All of the data should be given again word for word, though the images are to be left out.

DATA FOR THIS TASK:
+ + +

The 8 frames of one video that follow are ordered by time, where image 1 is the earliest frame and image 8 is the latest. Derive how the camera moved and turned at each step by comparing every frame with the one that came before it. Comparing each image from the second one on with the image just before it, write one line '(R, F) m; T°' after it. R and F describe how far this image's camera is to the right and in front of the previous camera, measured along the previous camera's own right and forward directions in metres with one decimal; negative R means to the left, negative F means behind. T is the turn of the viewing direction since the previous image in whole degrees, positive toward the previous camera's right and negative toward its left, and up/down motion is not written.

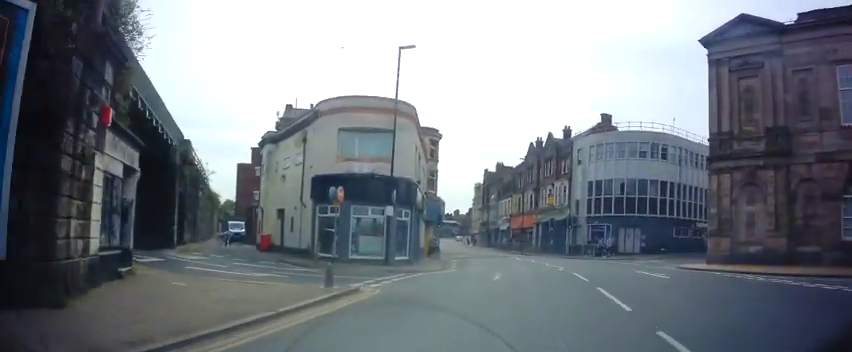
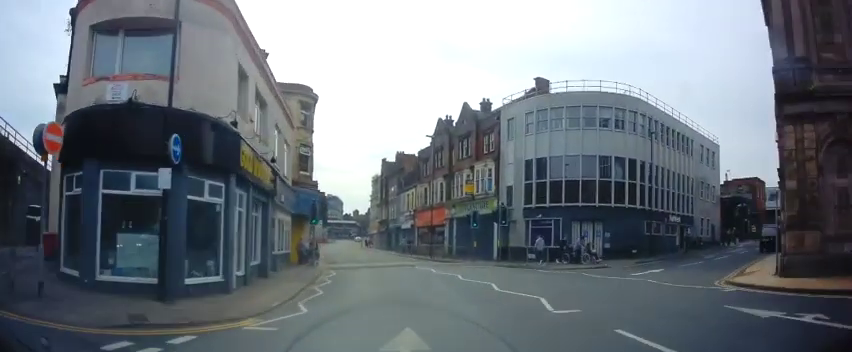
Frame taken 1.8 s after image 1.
(+1.9, +11.6) m; +14°
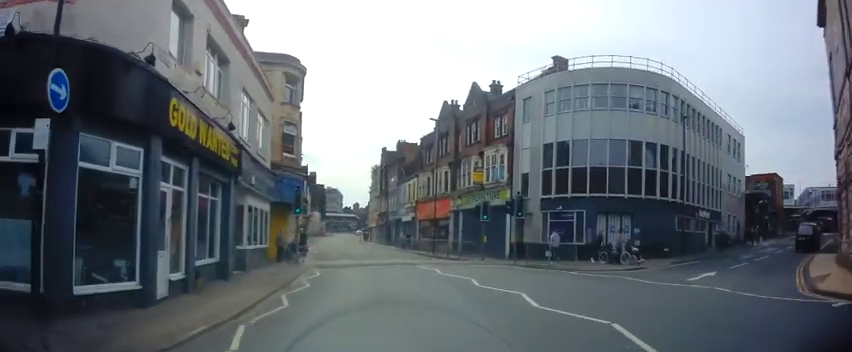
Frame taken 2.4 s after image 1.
(+0.1, +4.1) m; 0°
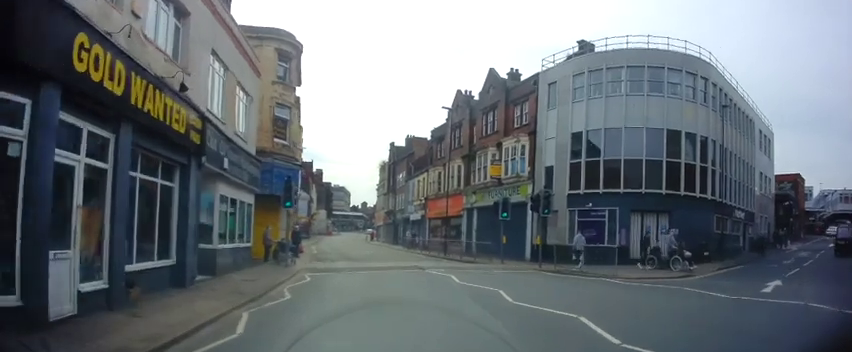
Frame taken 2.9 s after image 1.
(0.0, +3.4) m; -1°
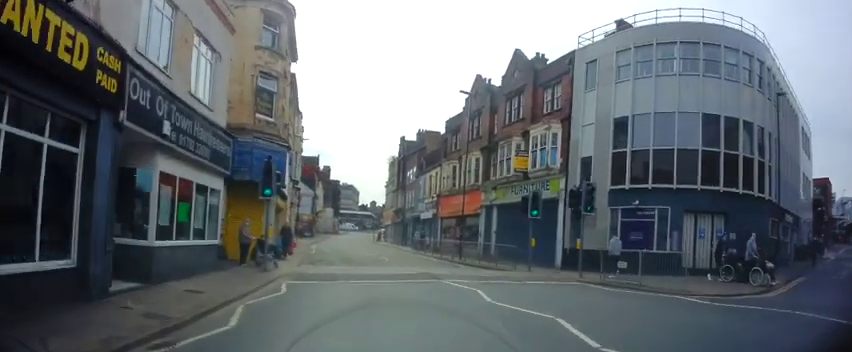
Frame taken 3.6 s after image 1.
(+0.1, +4.1) m; -3°
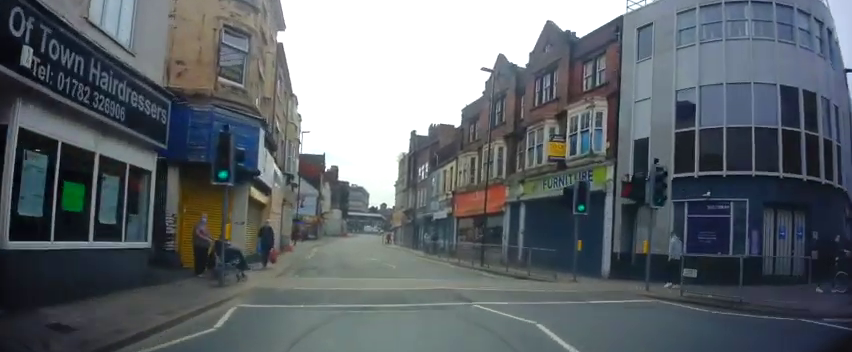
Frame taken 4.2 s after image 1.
(-0.3, +4.5) m; -3°
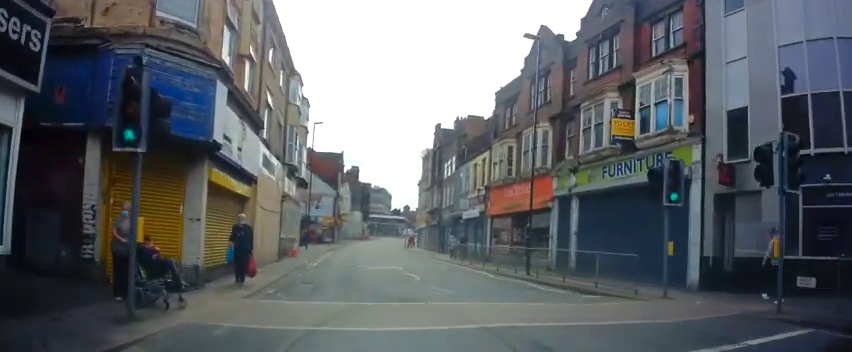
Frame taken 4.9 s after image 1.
(-0.1, +4.6) m; -2°
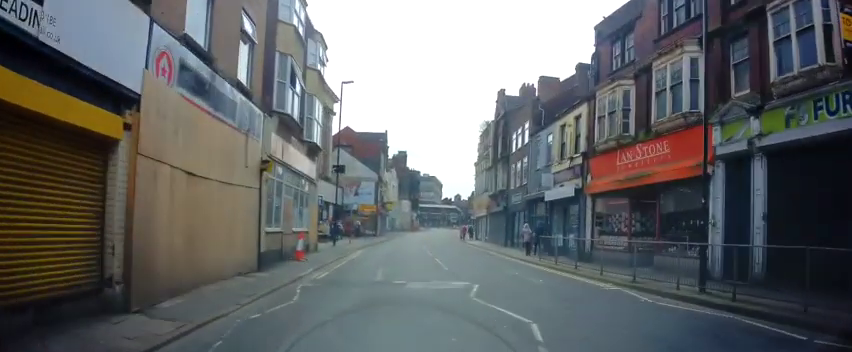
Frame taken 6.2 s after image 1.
(-0.2, +9.6) m; -4°
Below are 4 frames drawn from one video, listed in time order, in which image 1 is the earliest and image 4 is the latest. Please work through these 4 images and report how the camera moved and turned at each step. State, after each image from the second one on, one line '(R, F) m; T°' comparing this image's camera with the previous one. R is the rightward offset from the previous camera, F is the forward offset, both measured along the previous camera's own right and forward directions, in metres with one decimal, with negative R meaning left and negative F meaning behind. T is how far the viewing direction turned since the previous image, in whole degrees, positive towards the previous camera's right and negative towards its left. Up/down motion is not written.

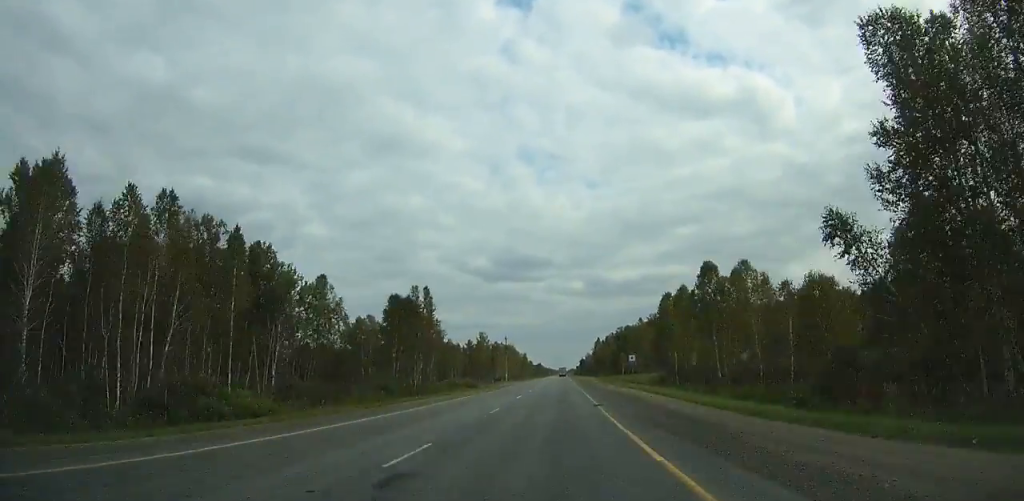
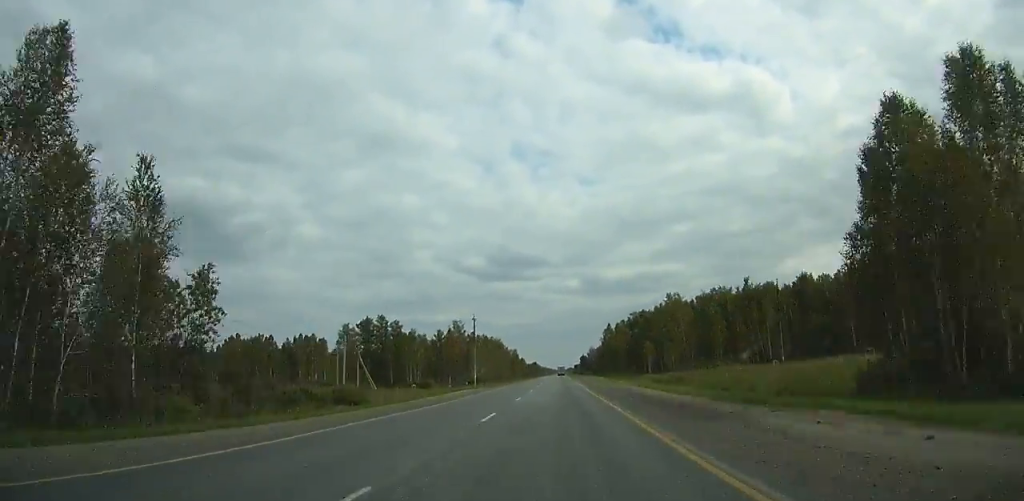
(-0.4, +52.3) m; 0°
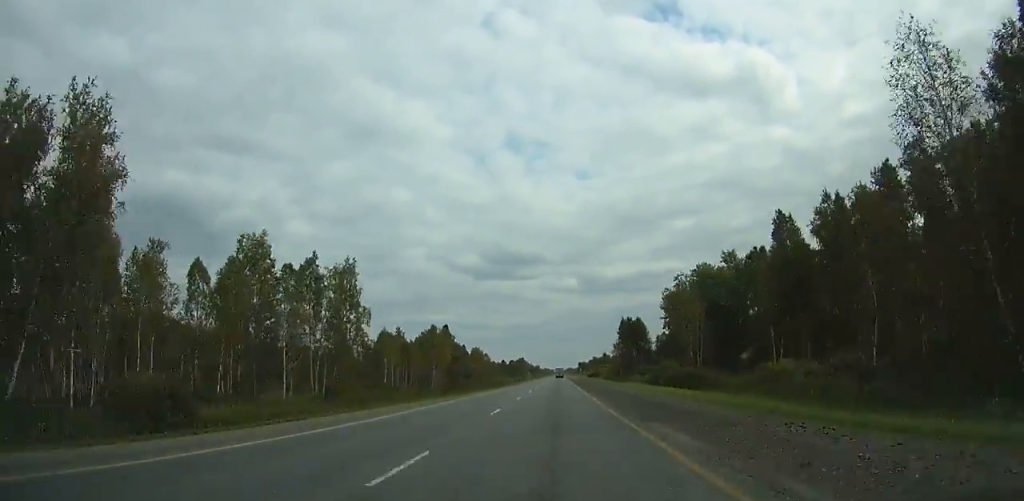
(+1.3, +212.7) m; 0°
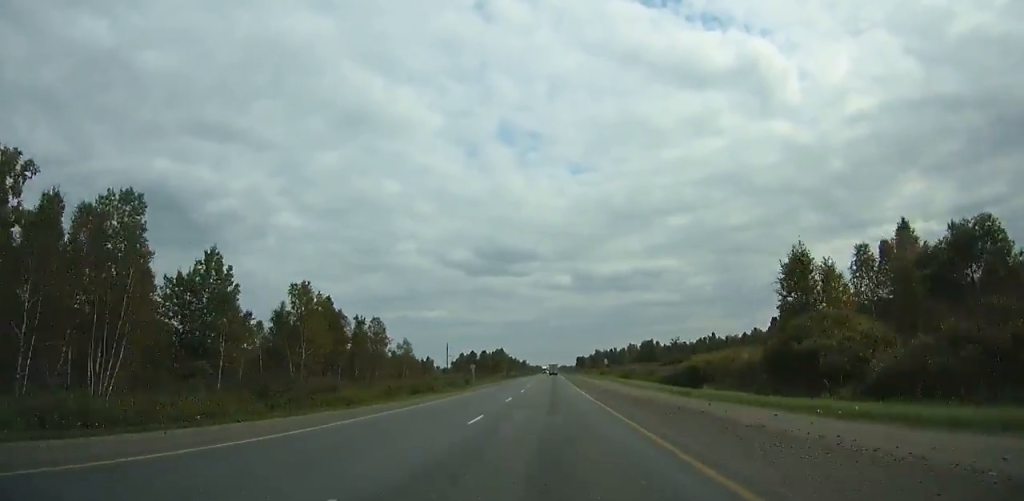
(+0.3, +122.2) m; 0°
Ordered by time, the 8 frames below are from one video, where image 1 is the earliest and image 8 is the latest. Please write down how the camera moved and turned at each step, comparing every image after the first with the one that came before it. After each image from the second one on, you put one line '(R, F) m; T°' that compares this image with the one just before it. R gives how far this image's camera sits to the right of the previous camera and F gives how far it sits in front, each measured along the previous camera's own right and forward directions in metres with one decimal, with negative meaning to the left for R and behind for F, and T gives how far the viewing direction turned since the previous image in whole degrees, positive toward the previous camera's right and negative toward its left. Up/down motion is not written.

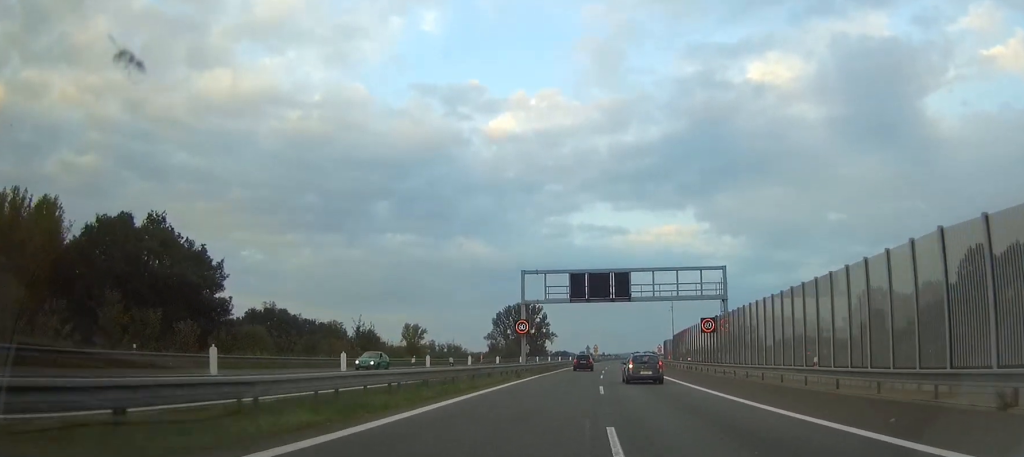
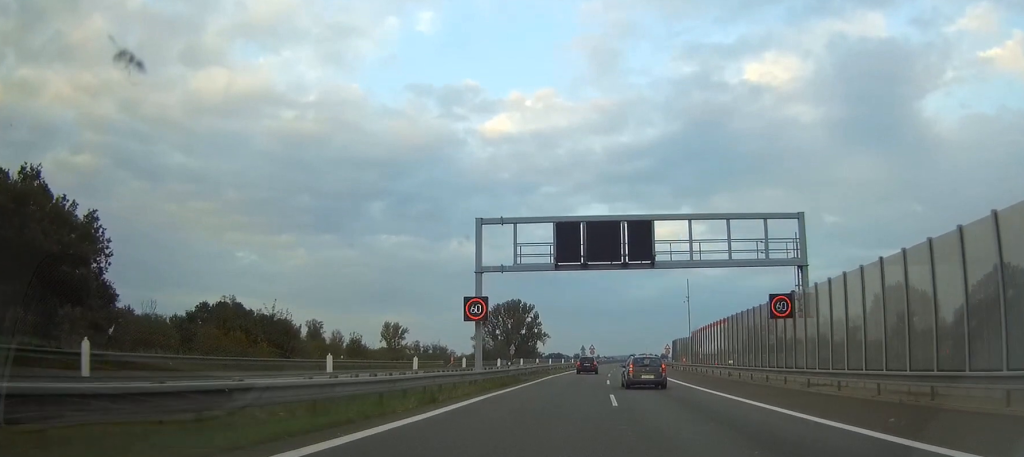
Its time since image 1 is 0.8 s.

+ + +

RESPONSE AREA:
The 8 frames of one video that follow are ordered by time, where image 1 is the earliest frame and image 8 is the latest. Derive how the camera moved and turned at each step by comparing every frame with the one that came before it. Comparing each image from the second one on with the image just before it, write one line '(R, F) m; T°' after it. R and F describe how far this image's camera is to the right and in front of the previous camera, measured along the previous camera's own right and forward directions in metres with one decimal; negative R means to the left, negative F means behind. T is the turn of the viewing direction since the previous image in whole degrees, positive toward the previous camera's right and negative toward its left, and up/down motion is not written.

Frame taken 1.8 s after image 1.
(+1.9, +11.6) m; +14°
Frame taken 2.4 s after image 1.
(+0.1, +4.1) m; 0°
Frame taken 2.9 s after image 1.
(0.0, +3.4) m; -1°
Frame taken 3.6 s after image 1.
(+0.1, +4.1) m; -3°
Frame taken 4.2 s after image 1.
(-0.3, +4.5) m; -3°
Frame taken 4.9 s after image 1.
(-0.1, +4.6) m; -2°
Frame taken 6.2 s after image 1.
(-0.2, +9.6) m; -4°
Below are 4 frames drawn from one video, listed in time order, in which image 1 is the earliest and image 4 is the latest. Please work through these 4 images and report how the camera moved and turned at each step. State, after each image from the second one on, one line '(R, F) m; T°' comparing this image's camera with the previous one. R is the rightward offset from the previous camera, F is the forward offset, both measured along the previous camera's own right and forward directions, in metres with one decimal, with negative R meaning left and negative F meaning behind. T is how far the viewing direction turned since the previous image, in whole degrees, positive towards the previous camera's right and negative towards its left. Up/down motion is not written.

(-0.4, +52.3) m; 0°
(+1.3, +212.7) m; 0°
(+0.3, +122.2) m; 0°
Ordered by time, the 8 frames below are from one video, where image 1 is the earliest and image 8 is the latest. Please write down how the camera moved and turned at each step, comparing every image after the first with the one that came before it. After each image from the second one on, you put one line '(R, F) m; T°' that compares this image with the one just before it. R gives how far this image's camera sits to the right of the previous camera and F gives how far it sits in front, each measured along the previous camera's own right and forward directions in metres with one decimal, with negative meaning to the left for R and behind for F, and T gives how far the viewing direction turned since the previous image in whole degrees, positive toward the previous camera's right and negative toward its left. Up/down motion is not written.

Its time since image 1 is 0.8 s.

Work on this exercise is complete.